Vale mencionar, porém, que o estudo não consegue abarcar absolutamente todas as usinas termelétricas em ação no país, considerando somente as ligadas ao Sistema Interligado Nacional. Por exemplo, as termelétricas a biomassa (como bagaço de cana) não foram contabilizadas ?elas, contudo, emitem menos quando comparadas às de combustíveis fósseis?, aponta Barcellos e Silva.

Também não foram contabilizadas termelétricas autoprodutoras, que são conectadas a indústrias e destinadas à geração de eletricidade para essas empresas especificamente. "A indústria do petróleo e gás tem muitas termelétricas autoprodutoras que usam gás natural da própria exploração de petróleo para gerar eletricidade e alimentar a planta de exploração", diz Barcellos e Silva.

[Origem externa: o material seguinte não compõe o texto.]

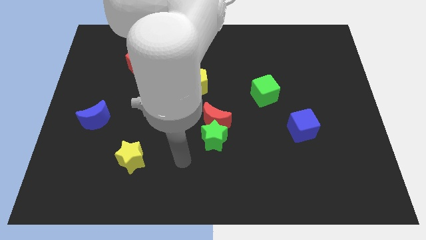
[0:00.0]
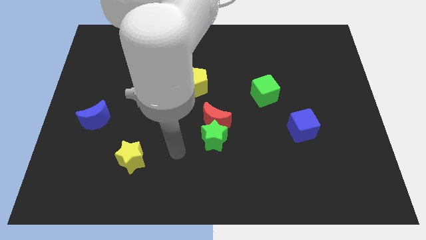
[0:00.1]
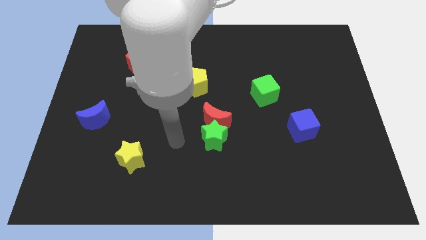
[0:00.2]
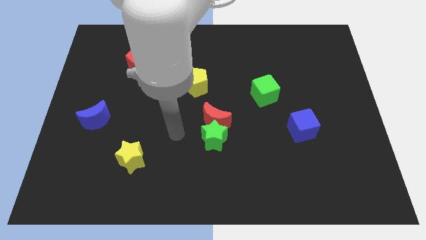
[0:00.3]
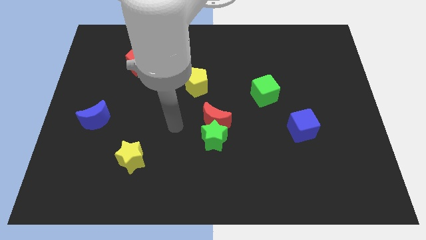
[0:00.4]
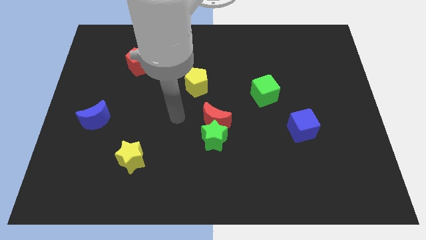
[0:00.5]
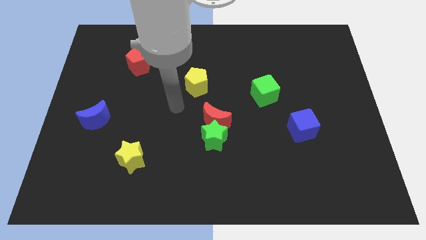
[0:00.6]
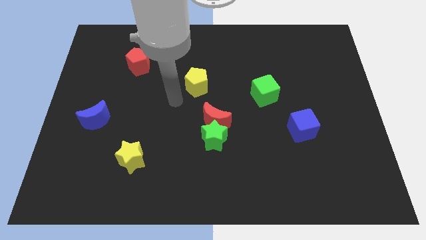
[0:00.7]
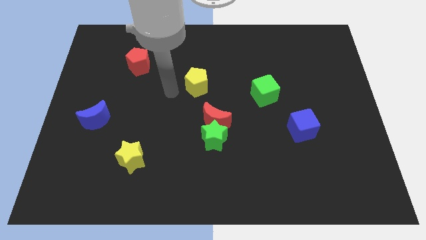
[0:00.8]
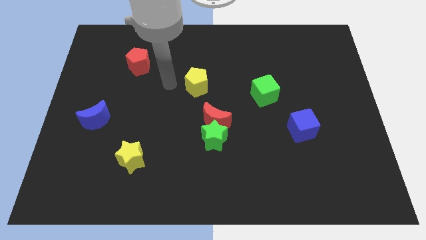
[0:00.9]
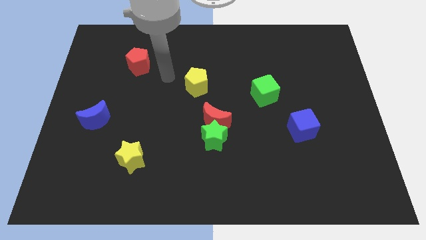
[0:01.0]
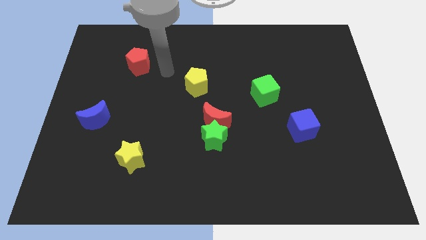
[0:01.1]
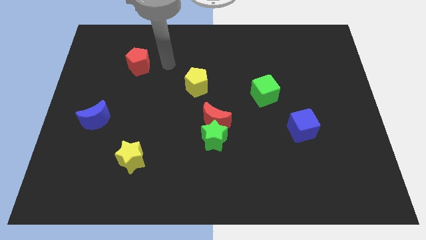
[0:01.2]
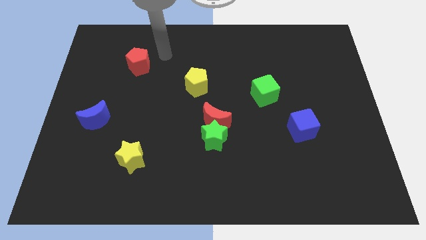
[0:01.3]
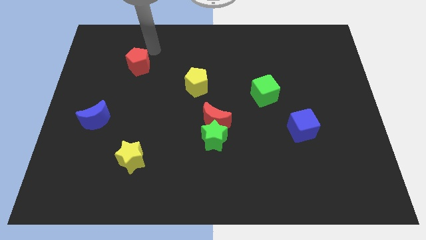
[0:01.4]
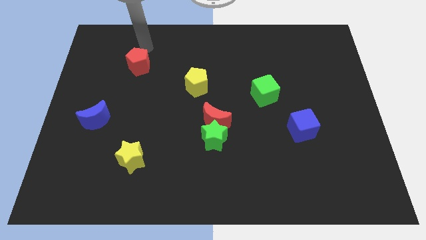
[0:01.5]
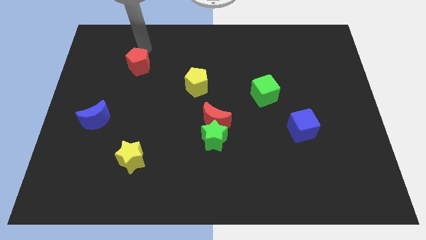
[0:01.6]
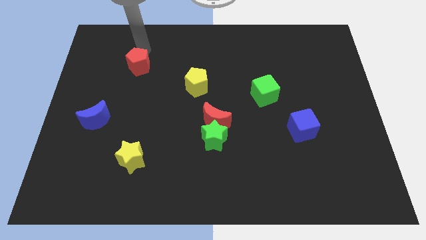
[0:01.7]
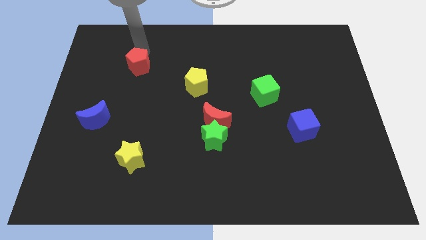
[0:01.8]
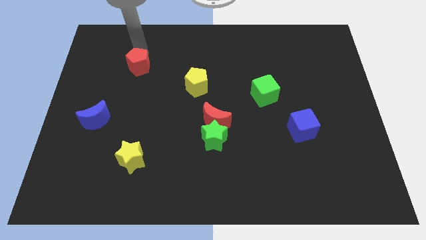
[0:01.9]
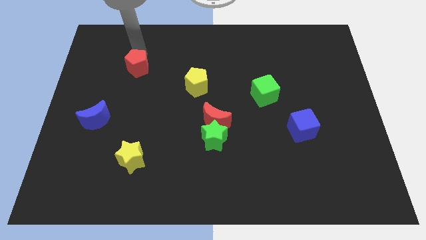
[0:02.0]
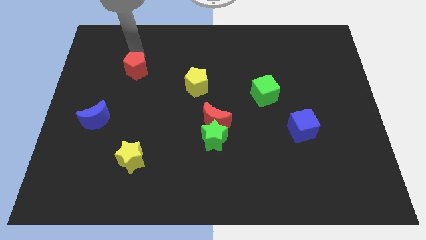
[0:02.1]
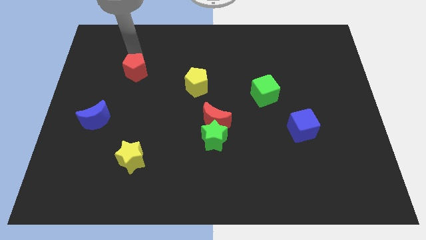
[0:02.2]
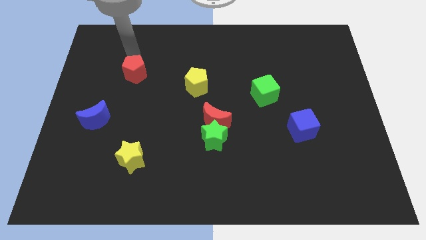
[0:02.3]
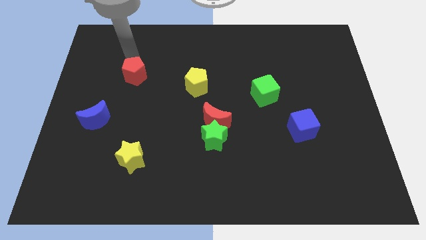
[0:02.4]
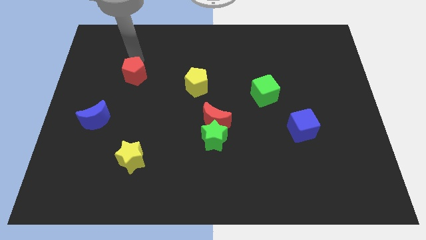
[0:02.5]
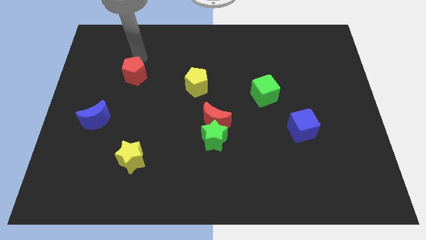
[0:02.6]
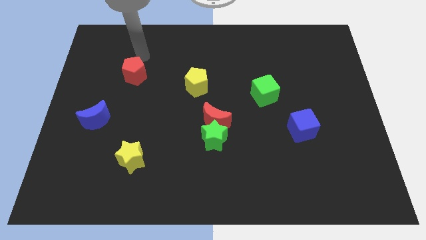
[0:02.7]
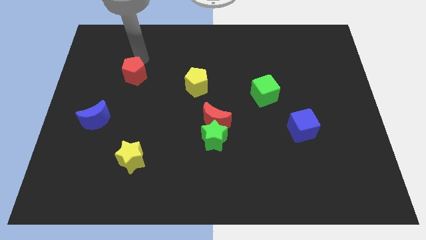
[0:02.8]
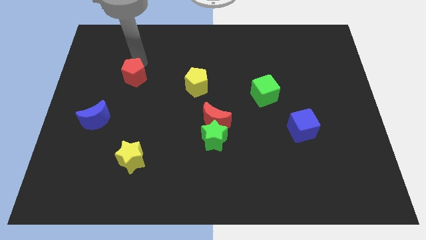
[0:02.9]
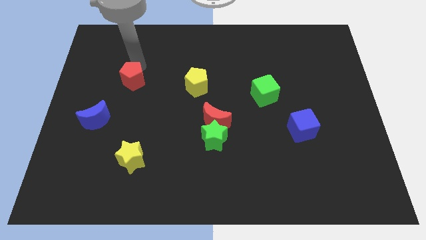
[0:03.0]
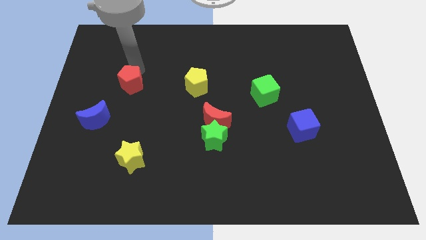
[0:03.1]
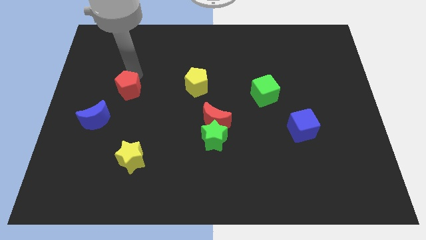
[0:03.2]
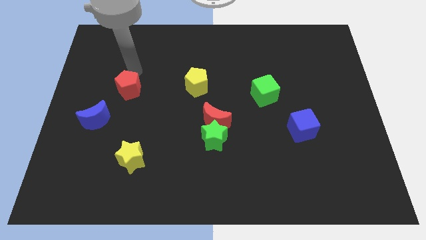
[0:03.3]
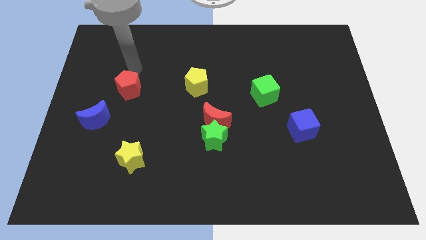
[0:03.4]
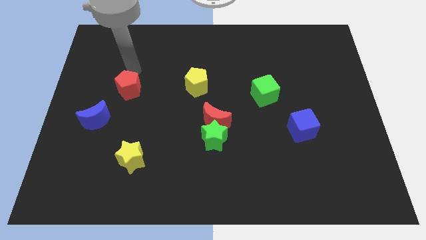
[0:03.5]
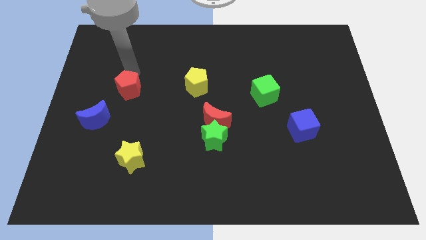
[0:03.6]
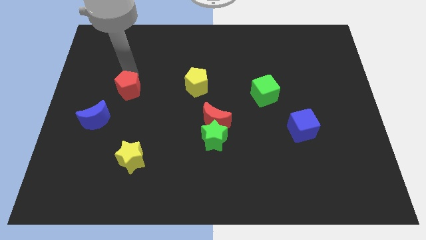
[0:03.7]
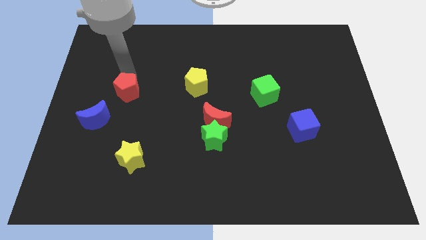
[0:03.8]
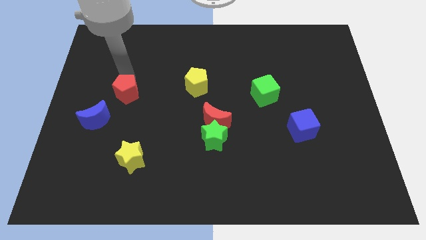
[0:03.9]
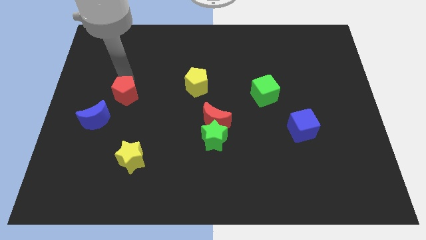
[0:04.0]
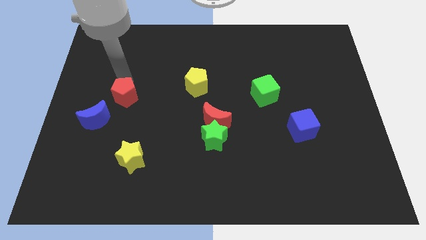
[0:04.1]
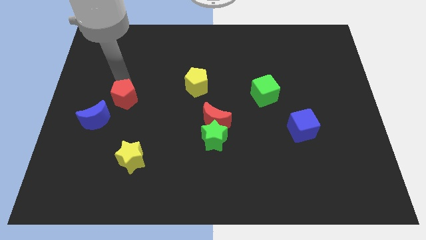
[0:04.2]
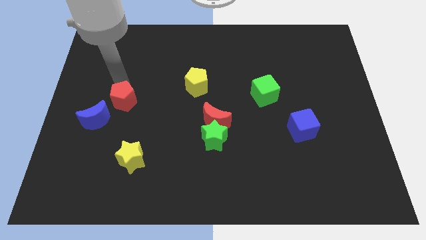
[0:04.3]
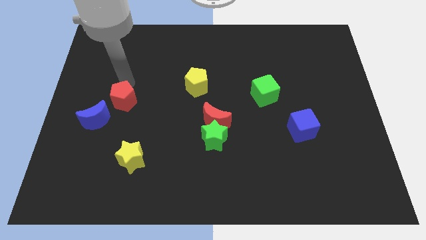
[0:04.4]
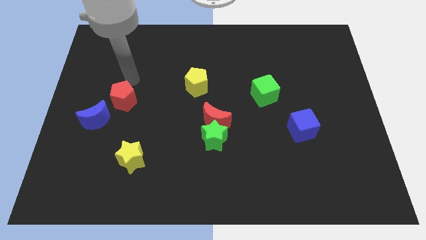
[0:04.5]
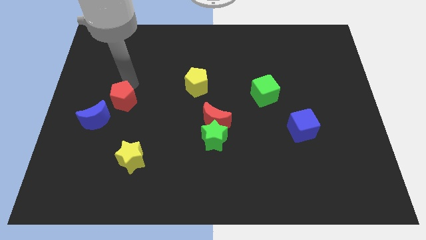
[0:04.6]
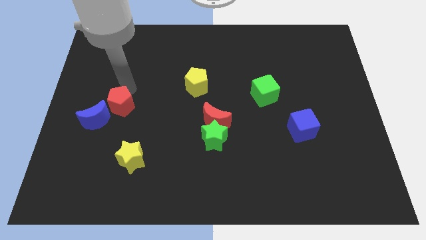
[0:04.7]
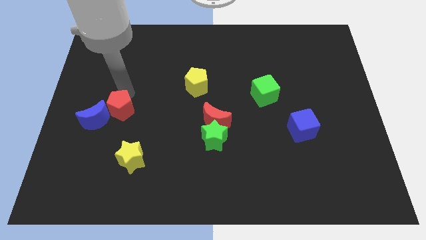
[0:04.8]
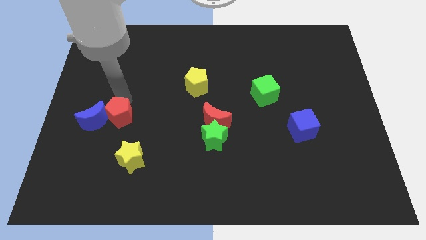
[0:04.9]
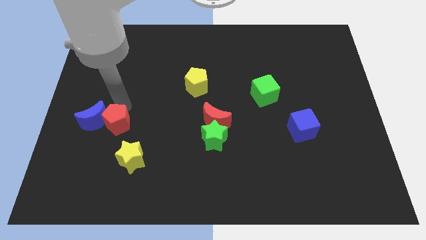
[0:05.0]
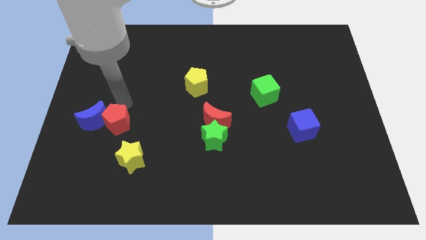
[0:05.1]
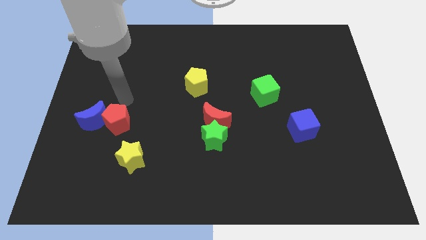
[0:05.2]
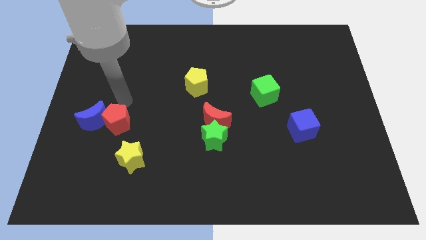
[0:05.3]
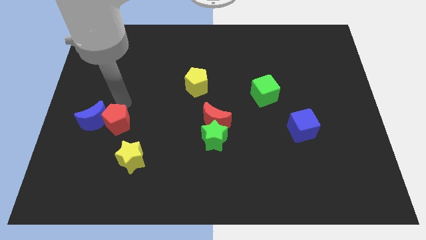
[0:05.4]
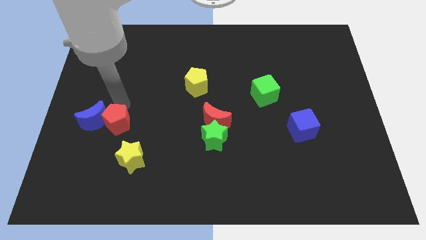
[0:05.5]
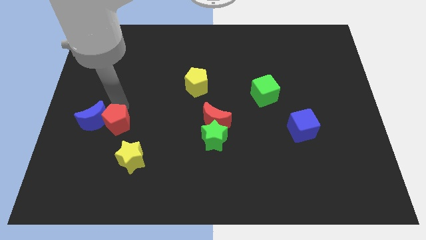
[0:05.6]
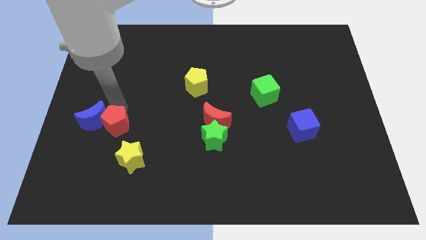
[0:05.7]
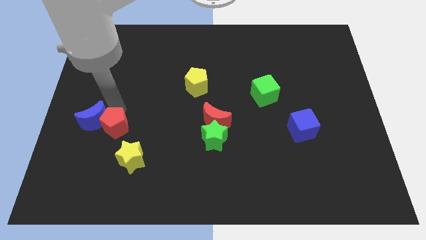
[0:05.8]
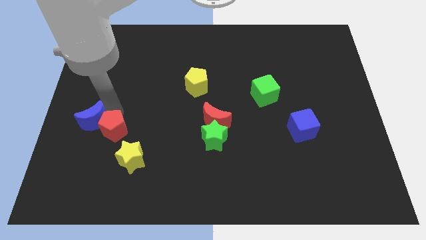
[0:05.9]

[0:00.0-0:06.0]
push the red pentagon downwards

Apesar de ter impacto sobre as emissões nacionais, as termelétricas são responsáveis por cerca de 18% das emissões brasileiras (considerando os dados de 2021), segundo dados do Seeg (Sistema de Estimativas de Emissões e Remoções de Gases de Efeito Estufa). As maiores fontes de emissões do Brasil são o desmatamento e o agronegócio.

Apesar disso, Barcellos e Silva afirma que a obrigação de contratação de novas termelétricas, a partir da lei 14.182, sancionada pelo presidente Jair Bolsonaro (PL), terá um impacto significativo nas emissões do setor. Segundo o especialista, quando essas novas usinas estiverem instaladas, espera-se um acréscimo de emissões de 20 milhões de toneladas de CO2e.

"Isso representaria mais de 30% das emissões atuais do Sistema Interligado Nacional", diz Barcellos e Silva. "Por isso, é até importante repensar o trecho da lei que versa sobre a instalação dessas térmicas e quem sabe até revogá-lo."

O Brasil tem o compromisso climático internacional de reduzir suas emissões de gases-estufa. O país precisa atingir a neutralidade de carbono até 2050. Até 2025, deve reduzir 37% dos gases-estufa, em comparação com as emissões de 2005, e, em 2030, ter reduzido 50% dos gases, também em comparação com 2005.

O relatório do Iema ainda critica a falta de transparência e a qualidade dos dados disponíveis. "A fonte selecionada [para realização do estudo], Rapp/Ibama, ainda que a mais completa em termos de disponibilidade de informações de consumo de combustíveis, apresentou dados incongruentes ou ausentes para mais de 30 usinas", aponta o relatório.